- Project Overview
- Features
- Workflow
- 1. Data Collection and Loading
- 2. Data Preprocessing
- 3. Translation
- 4. Summarization
- 5. Model Inference
- 6. Retrieval-Augmented Generation (RAG)
- 7. Similarity and Relevance Analysis
- 8. Streamlit Interactive Application
- Installation
- Usage Instructions
- File Structure
- Technologies Used
- Contributors
The RAG-Based Multilingual News Retrieval System enables users to search for multilingual news articles and receive summaries of the top 5 most relevant news articles in English. This system incorporates retrieval, translation, and summarization into a unified pipeline. It leverages MBART50 for translation, SBERT embeddings for similarity, FAISS indexing for fast retrieval, and a user-friendly Streamlit-based UI for interactivity. The system ensures context-aware summaries of news articles in German, Spanish, French, Russian, Turkish, and Arabic.
- Cross-Lingual Retrieval: Users submit a query in English and receive the top 5 most relevant news articles from multilingual sources.
- Multilingual Support: Supports articles in German, Spanish, French, Russian, Turkish, and Arabic.
- Translation: Non-English articles are translated into English using MBART50.
- Summarization: Summarized versions of retrieved articles are displayed for users.
- Interactive UI: Streamlit UI allows users to submit queries, view results, and analyze similarity scores.
- Context-Aware Summaries: Retrieves and summarizes articles using RAG, ensuring relevance and contextual accuracy.
- Relevance Analysis: Measures similarity between the user query and retrieved articles using BERTScore, Cosine Similarity, and SBERT Score.
Objective: Collect, load, and prepare multilingual data from the MLSUM dataset.
Steps:
- Dataset Selection: Use the MLSUM dataset for German, Spanish, French, Russian, and Turkish.
- Data Download: 700 records per language are downloaded from the training set.
- Dataframe Creation: Data is stored in a Pandas DataFrame with columns:
- Text: The main content of the article.
- Summary: The reference summary of the article.
- Language: The language of the article (e.g., "de" for German).
- Data Concatenation: Combine all language DataFrames into one unified DataFrame.
- Dataset Conversion: Convert the DataFrame to a HuggingFace dataset format for compatibility with NLP models.
Objective: Clean and prepare the text data for translation and summarization.
Steps:
- Language Column Addition: Add a column specifying the language of each article.
- Data Cleaning: Remove unnecessary columns (e.g., URLs) and irrelevant content.
- Language Detection (Optional): Verify that the language tag of each article is correct using langdetect.
Objective: Translate non-English articles into English using MBART50.
Steps:
- Model Selection: Use the MBART50 model for translation.
- Tokenizer Initialization: Use MBart50Tokenizer with source language (
src_lang
) and target language (tgt_lang
) set to English (en_XX
). - Translation Function:
- Tokenize the input text.
- Pass the tokenized input to the MBART50 model.

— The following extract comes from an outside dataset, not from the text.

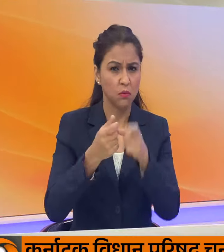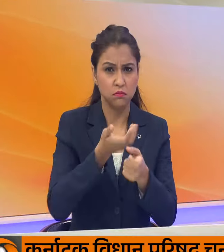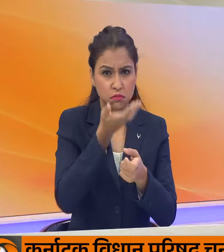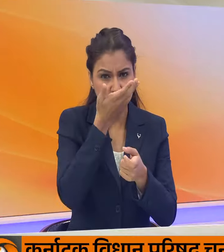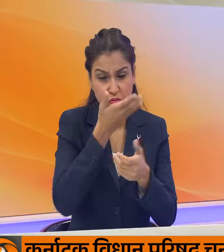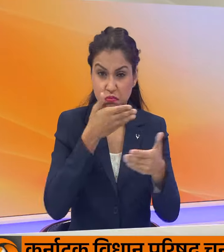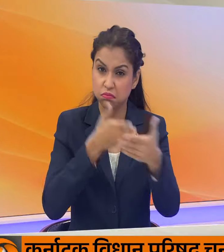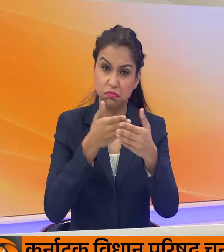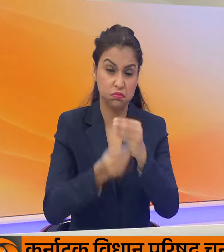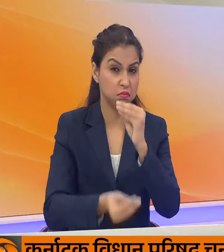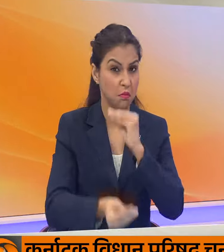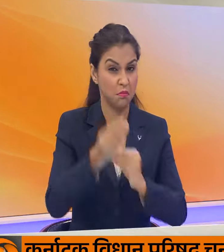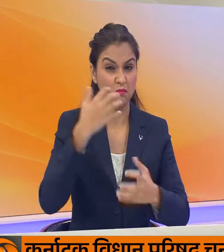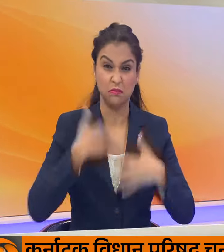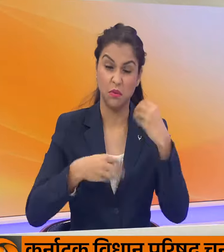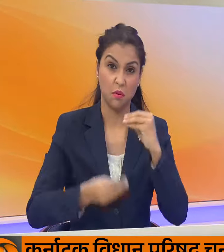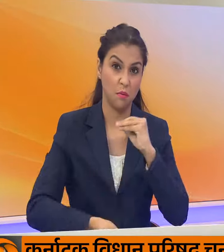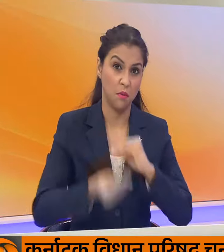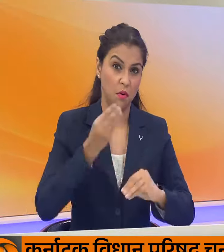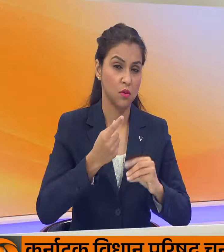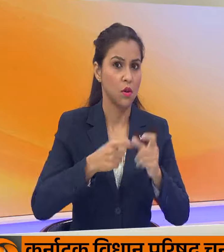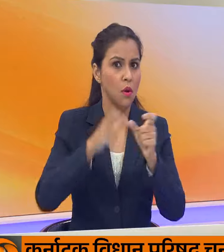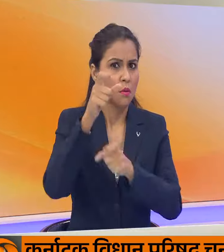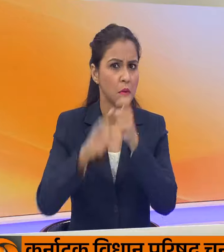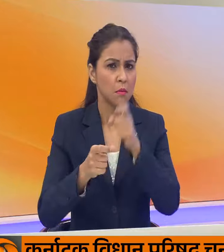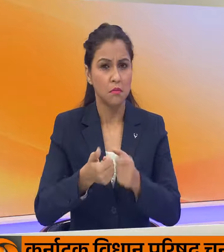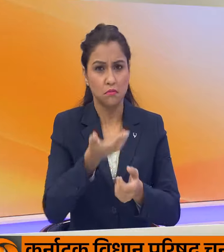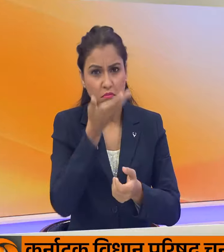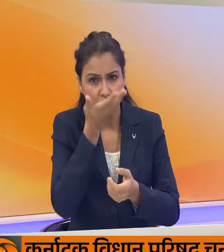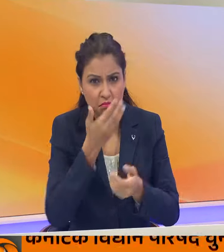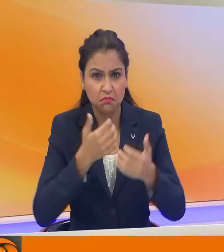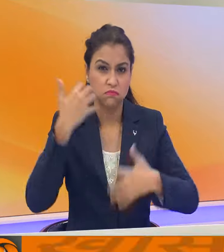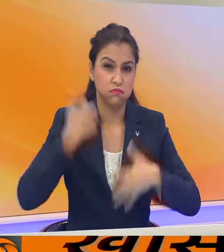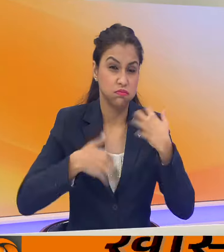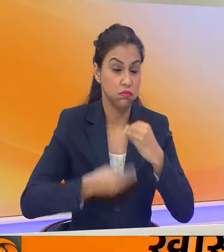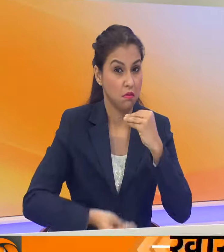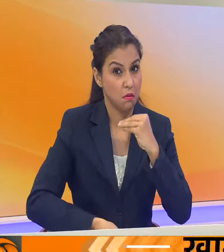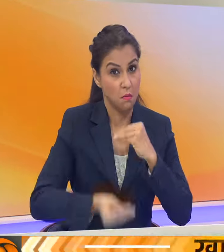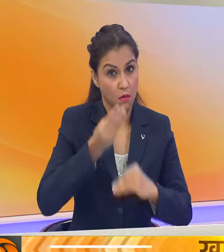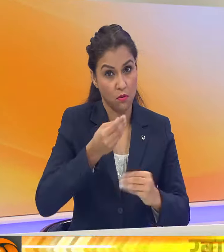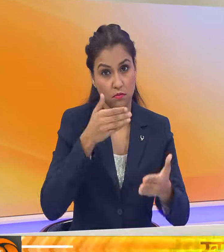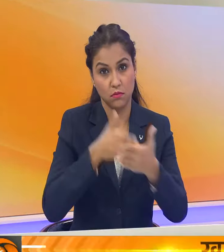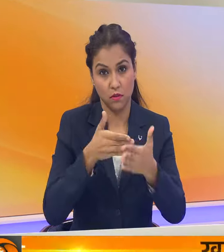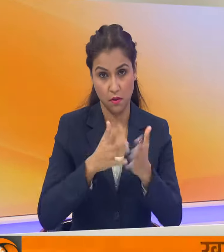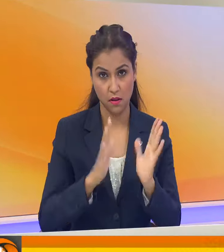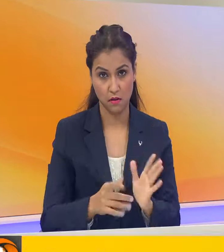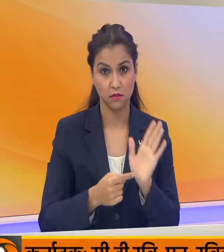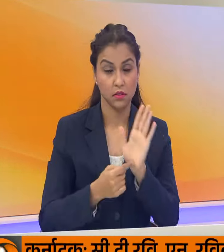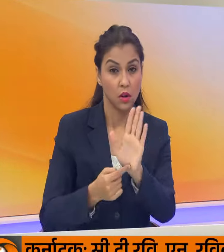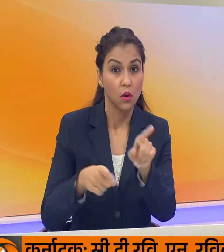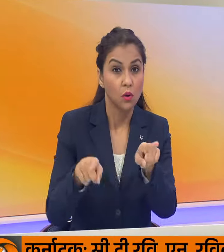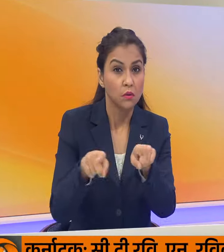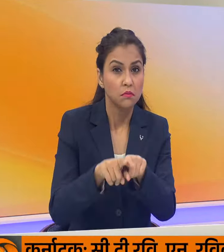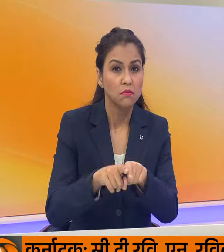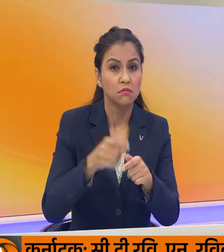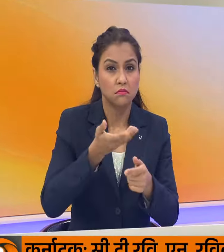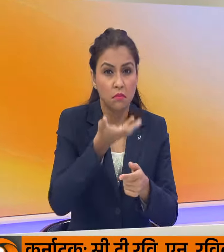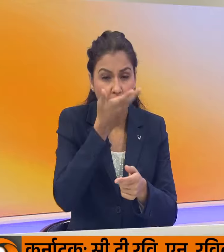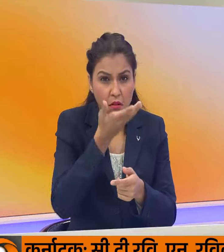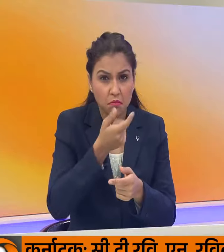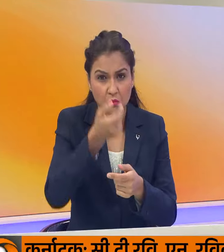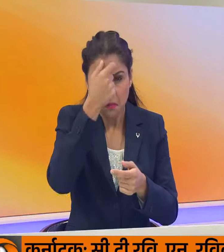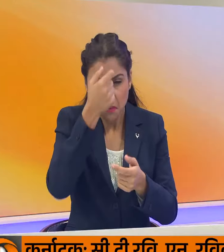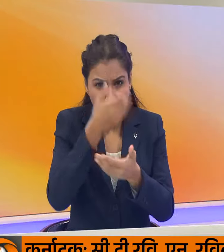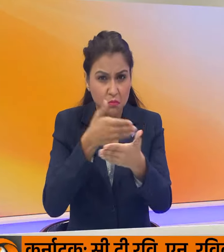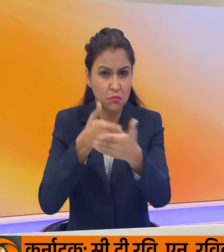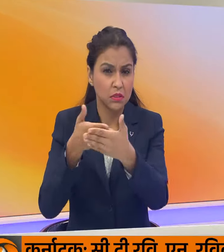संकर से जूच रही है और जनता को अब पानी की भारी खलत का सामना करना पड़ रहा है जल संकर के कारण दिली के

- Decode the translated output.
- Translation Output: Store the translated content for summarization.
Objective: Summarize the translated articles using T5.
Steps:
- Model Selection: Use T5 for summarization.
- Summarization Function:
- Tokenize the translated text.
- Generate the summary using T5.
- Decode the summary.
- Summarization Output: Store the summary for later retrieval and user interaction.
Objective: Apply translation and summarization to all articles in the dataset.
Steps:
- Batch Processing: Translate and summarize each article.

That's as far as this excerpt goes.